She laughed boisterously at the last part of that, which did my ego no end of good and then relaxed completely into her sofa, no longer worried that she was going to have to pitch me any more. She picked up her Latté and wrapped both her hands around it to warm them, taking sips and allowing herself to look around the place and take it all in. After a few moments she spoke again;
“So is it true, do you write here all the time now?”
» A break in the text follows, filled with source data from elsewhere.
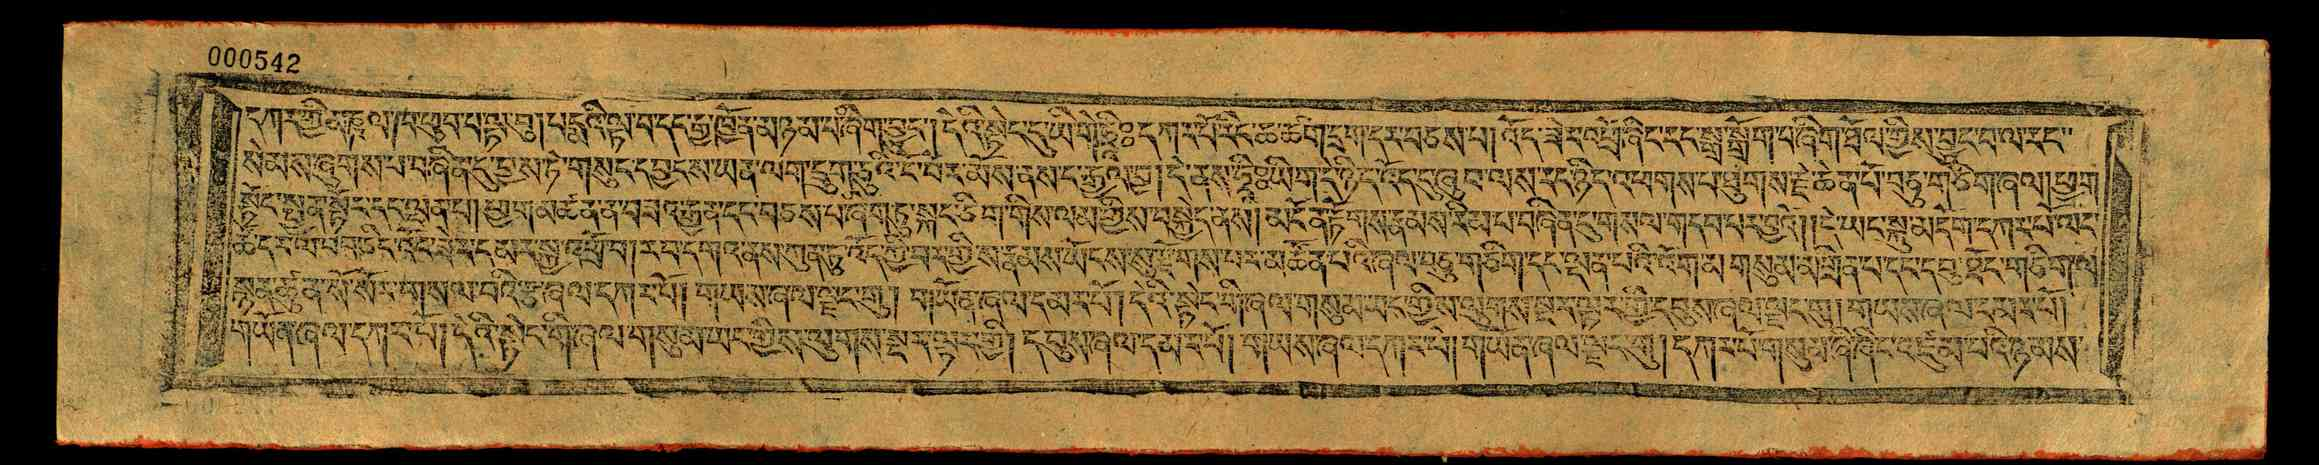དཀར་གྱི་མཎྜལ་ཁ་ཕུབ་པ་ལྟ་བུ། པདམའི་ལྟེ་བ་དང་རྒྱ་ཁྱོན་མཉམ་པ་ཞིག་བྱུང་། དེའི་སྟེང་དུ་ཡི་གེ་ཧྲཱིཿ དཀར་པོ་རིང་ཆ་ཚིག་དྲག་དང་བཅས་པ། འོད་ཟེར་འཕྲོ་ཞིང་རང་སྒྲ་སྒྲོག་པ་ཞིག་ཐོལ་གྱིས་བྱུང་བ་ལ་རང་
སེམས་ཞུགས་པ་བཞིན་དུ་བྱས་ཏེ་གསུང་དབྱངས་ཡན་ལག་དྲུག་ཅུའི་ངོ་བོར་མོས་ནས་ང་རྒྱལ་བྱ། དེ་ནས་ཧྲཱིཿ ཡིག་དེ་ཉིད་འོད་དུ་ཞུ་བ་ལས་རང་ཉིད་འཕགས་པ་ཐུགས་རྗེ་ཆེན་པོ་བཅུ་གཅིག་ཞལ། ཕྱག་
སྟོང་སྤྱན་སྟོང་དང་ལྡན་པ། ཕྱག་མཚན་ན་བཟའ་རྒྱན་དང་བཅས་པ་ཞིག་ཏུ་སྐད་ཅིག་གིས་ལམ་གྱིས་བསྐྱེད་ནས། མངོན་རྟོགས་རྣམས་རིམ་པ་བཞིན་དུ་གསལ་གདབ་པར་བྱའོ། །དེ་ཡང་སྐུ་མདོག་དཀར་པོ་ལང་
ཚོ་དར་ལ་བ་བཅིང་འོད་ཟེར་དམར་སྐྱ་འཕྲོ་བ། རབ་དགའ་ནས་ཀུན་ཏུ་འོད་ཀྱི་བར་གྱི་ས་རྣམས་ཡོངས་སུ་རྫོགས་པར་མཚོན་པའི་ཞལ་བཅུ་གཅིག་དང་ལྡན་པའི་འོག་མ་གསུམ་མགྲིན་པ་དང་དབུ་ཐོད་གཅིག་ལ་
སྙན་ཚུན་སོ་སོར་གསལ་བའི་རྩ་ཞལ་དཀར་པོ། གཡས་ཞལ་ལྗང་གུ། གཡོན་ཞལ་དམར་པོ། དེའི་སྟེང་གི་ཞལ་གསུམ་ཡང་གྱེས་ལུགས་སྔར་ལྟར་གྱི་དབུས་ཞལ་ལྗང་གུ། གཡས་ཞལ་དམར་པོ།
གཡོན་ཞལ་དཀར་པོ། དེའི་སྟེང་གི་ཞལ་གསུམ་ཡང་གྱེས་ལུགས་སྔར་ལྟར་གྱི། དབུས་ཞལ་དམར་པོ། གཡས་ཞལ་དཀར་པོ། གཡོན་ཞལ་ལྗང་གུ། དཀར་པོ་གསུམ་ཞི་ཞིང་འཛུམ་པའི་ཉམས་

“I suppose it’s a as true as anything else. I tend to come here most days for most of the morning or afternoon. I do write every day, and I suppose to the extent that I do it here I have a routine and habits that I have found useful, but the media perception of me camped out in the window from opening to closing, wearing out my laptop keyboard are a caricature at best. I suppose I write for about three or four hours a day, and if I am here in Cromer I will tend to do it here in Goblin King’s, but I do write at home sometimes, particularly on the weekends as it gets ridiculously busy in here on the weekends in the summer. Then of course if I am on the road for a book or a speaking tour I write on trains and planes and in hotel rooms and strange coffee shops and the homes of friends, so I cannot really say that I do all my writing here, but I do write here a lot.”
More laughing ensued. I was not offended, but I was surprised;
“What?”
“You just gave me an answer that could have been dialogue from one of your characters, I mean that was vintage Geraint, from Transom. You really are a writer, I guess. I mean I knew that you were and I have read your books, but here I am talking to you and I can see your work actually in you.”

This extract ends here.